General Overview: We are currently encountering issues while fetching chunks from the Pinecone database using a hybrid-search approach. The following code snippet illustrates the method we are using to scale our hybrid search query:
def hybrid_scale(self, query, alpha: float):
if alpha < 0 or alpha > 1:
raise ValueError("Alpha must be between 0 and 1")
hsparse = {
"indices": query["sparse_vector"]["indices"],
"values": [v * (1 - alpha) for v in query["sparse_vector"]["values"]],
}
hdense = [v * alpha for v in query["vector"]]
return {"vector": hdense, "sparse_vector": hsparse}
The Problem: Our pipeline leverages the BM25 model for sparse embeddings and the jinaai/jina-embeddings-v2-base-en for dense embeddings.
Given a user query like: “I want to know more about the features introduced in v1.42,” we aim to retrieve all chunks related to v1.42 that discuss the features introduced.
However, we are experiencing the following issues:
Imbalance in Relevance: When using an alpha value of 0.1, the retrieved chunks are related to feature updates in general, but they do not specifically pertain to v1.42.
Loss of Semantic Relevance: When we decrease the alpha value to 0.01, we do get chunks related to v1.42, but they lack semantic relevance, thus failing to capture the contextual information we need.
Irrelevant Chunks: When using an alpha value greater than 0.1, the retrieved chunks do not discuss v1.42 at all, losing the keyword matching capability entirely.
In essence, adjusting the alpha value slightly leads to a significant trade-off between keyword matching and semantic relevance.
Expected Behavior: We expect the hybrid search to balance both the keyword matching (v1.42) and the semantic relevance (features introduced) efficiently, without compromising one for the other.
Request for Support: We are seeking guidance on how to fine-tune our hybrid search parameters or any alternative approach to achieve a better balance between sparse and dense embeddings. Any insights, suggestions, or examples of how others have tackled similar issues would be greatly appreciated.
We are also using hybrid search Retrieval with single hybrid indexing and has used hybrid score normalization method similar as you.
These are the issues that we have been facing when we set the alpha < 0.5:
When the alpha value is set to less than 0.5, the relevance of the score should ideally be more towards keyword search but it is always returning the top chunks based on the semantic match.
Even if there is no keyword match in the chunk, it returns that chunk on top with higher score, compared to the chunk having the keywords. Hence giving more weight towards semantic.
There are chunks which have some semantic matching and also keywords from the query but they are still ranked lower to the chunks with just the semantic matching.
We are using BM25 encoding to embed sparse vectors and text-embedding-3-large to embed dense vectors with single hybrid index.

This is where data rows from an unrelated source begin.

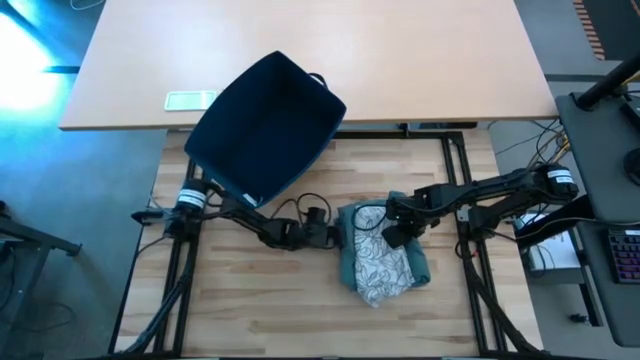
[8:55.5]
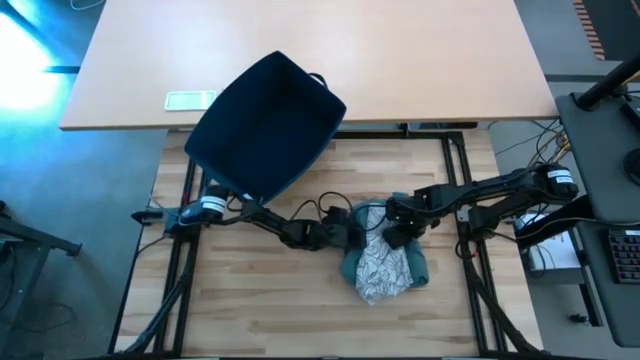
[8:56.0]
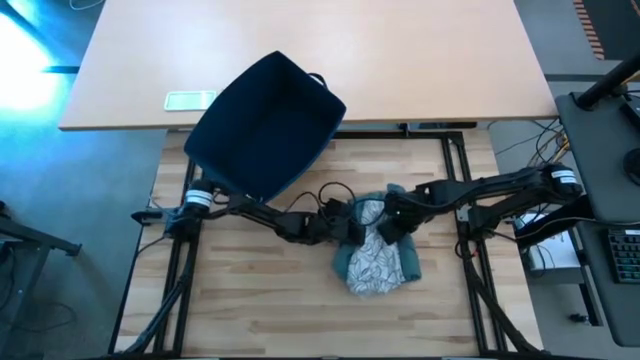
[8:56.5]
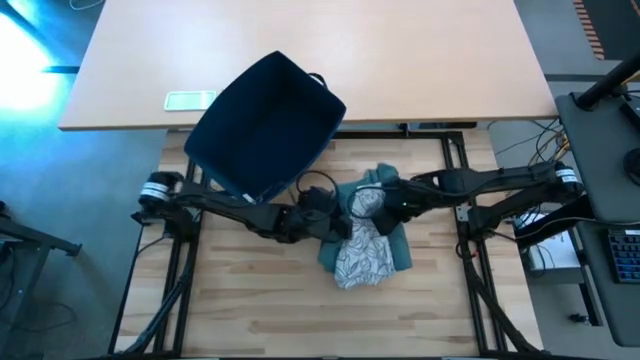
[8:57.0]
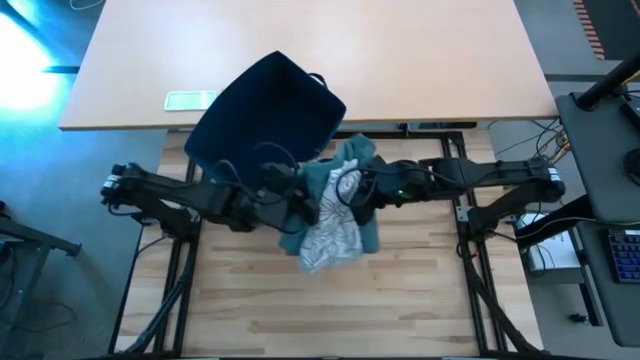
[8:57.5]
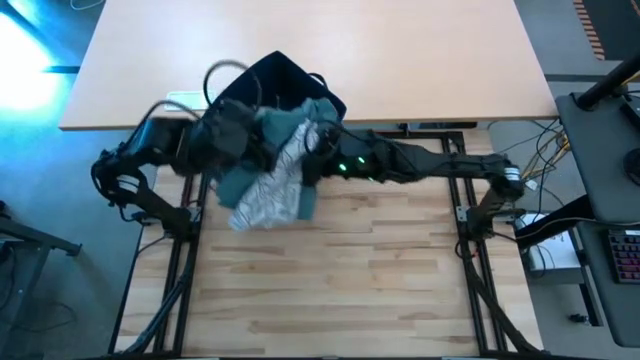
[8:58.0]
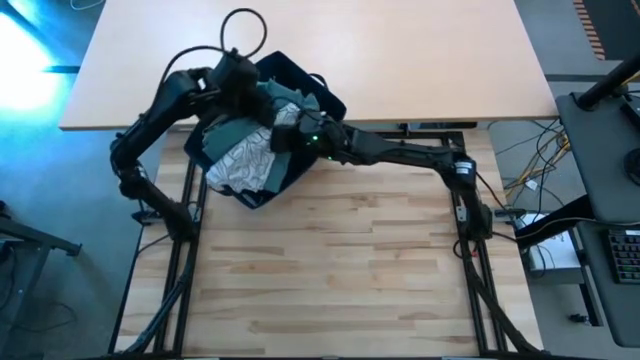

To incorporate a linear weighing to both vector types, we use this approach
def hybrid_score_norm(dense, sparse, alpha: float):
“”"Hybrid score using a convex combination
alpha * dense + (1 - alpha) * sparse
Args:
dense: Array of floats representing
sparse: a dict of `indices` and `values`
alpha: scale between 0 and 1
"""
if alpha < 0 or alpha > 1:
raise ValueError("Alpha must be between 0 and 1")
hs = {
'indices': sparse['indices'],
'values': [v * (1 - alpha) for v in sparse['values']]
}
return [v * alpha for v in dense], hs
So tuning the hybrid search with alpha values < 0.5, isn’t working well for us. The relevance of the results is not satisfactory.
What type of indexing were you using to store the dense and sparse vectors on Pinecone?
Pinecone recommends using separate indexing for sparse and dense and then search each index separately, combine and deduplicate results and use a reranking models to rank the chunks.
Unfortunately embeddings are a black box so it is very difficult to determine what’s going wrong here. I would suggest trying out different embeddings like SPLADE instead of BM25. SPLADE has given us better performance.
We also ended up fixing the alpha value to 0.5 which gave us the best performance.
It’ll probably be easier to debug this issue, if you can give a few examples of your chunks.